Task item
Repeat every line of the data exactly, but not the pictures.

Data segment
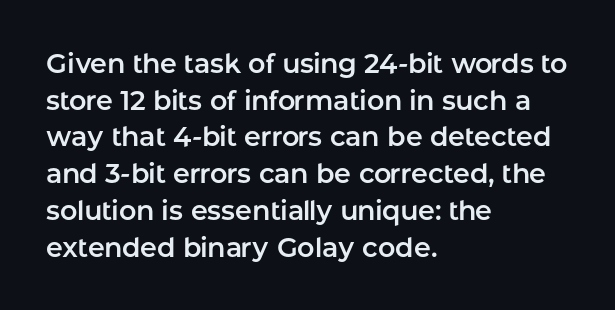
{"italic": "no", "underline": "no", "align": "left", "line_spacing": "normal", "line_spacing_ratio": 1.36, "letter_spacing": "normal", "letter_spacing_em": 0.0, "glyph_px": 27}
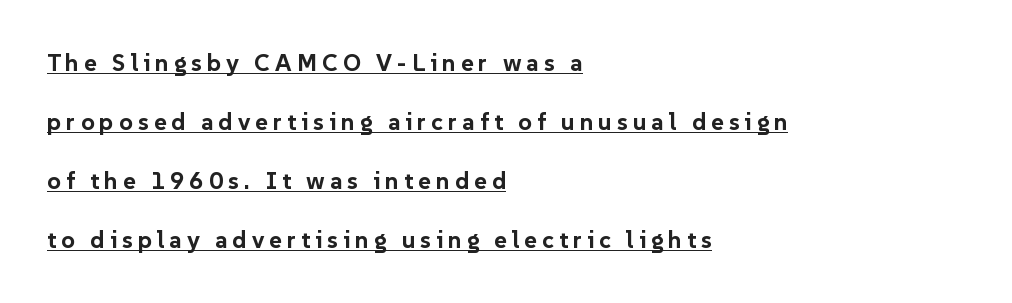
The image shows 24 px bold type, upright; set left-aligned, loose line spacing (2.46x), unusually wide letter spacing (+0.21 em), underlined.
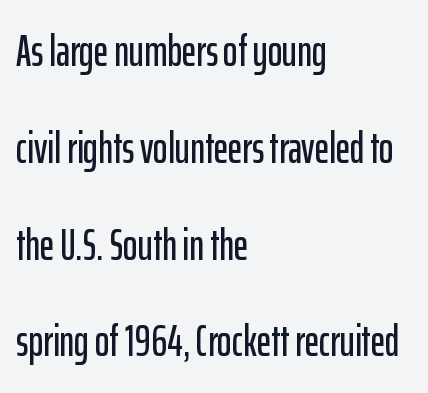
{"serif": "no", "italic": "no", "width": "condensed", "stroke_contrast": "low", "x_height": "medium", "monospaced": "no", "underline": "no", "align": "left", "line_spacing": "loose", "line_spacing_ratio": 2.2, "letter_spacing": "normal", "letter_spacing_em": 0.0, "glyph_px": 44}
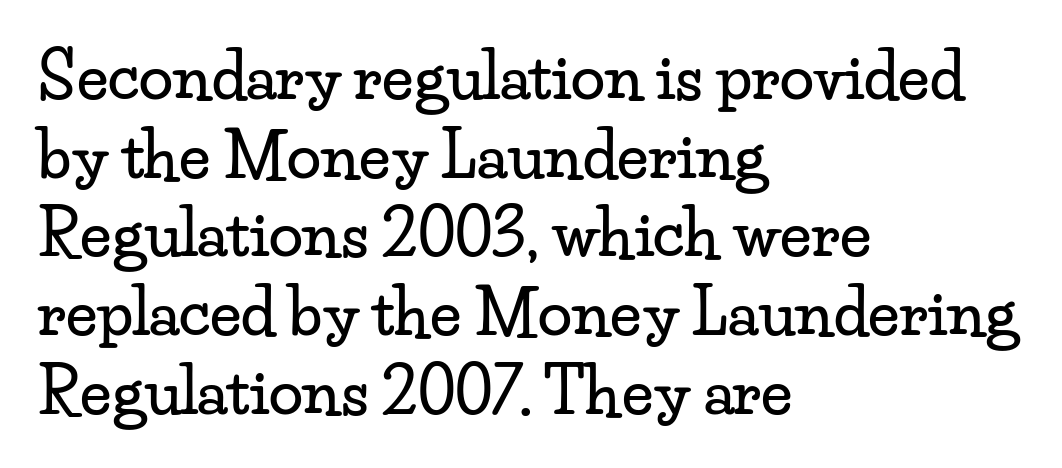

Result of the exercise
{"italic": "no", "underline": "no", "align": "left", "line_spacing": "normal", "line_spacing_ratio": 1.36, "letter_spacing": "normal", "letter_spacing_em": 0.0, "glyph_px": 27}
The image shows 24 px bold type, upright; set left-aligned, loose line spacing (2.46x), unusually wide letter spacing (+0.21 em), underlined.
{"serif": "no", "italic": "no", "width": "condensed", "stroke_contrast": "low", "x_height": "medium", "monospaced": "no", "underline": "no", "align": "left", "line_spacing": "loose", "line_spacing_ratio": 2.2, "letter_spacing": "normal", "letter_spacing_em": 0.0, "glyph_px": 44}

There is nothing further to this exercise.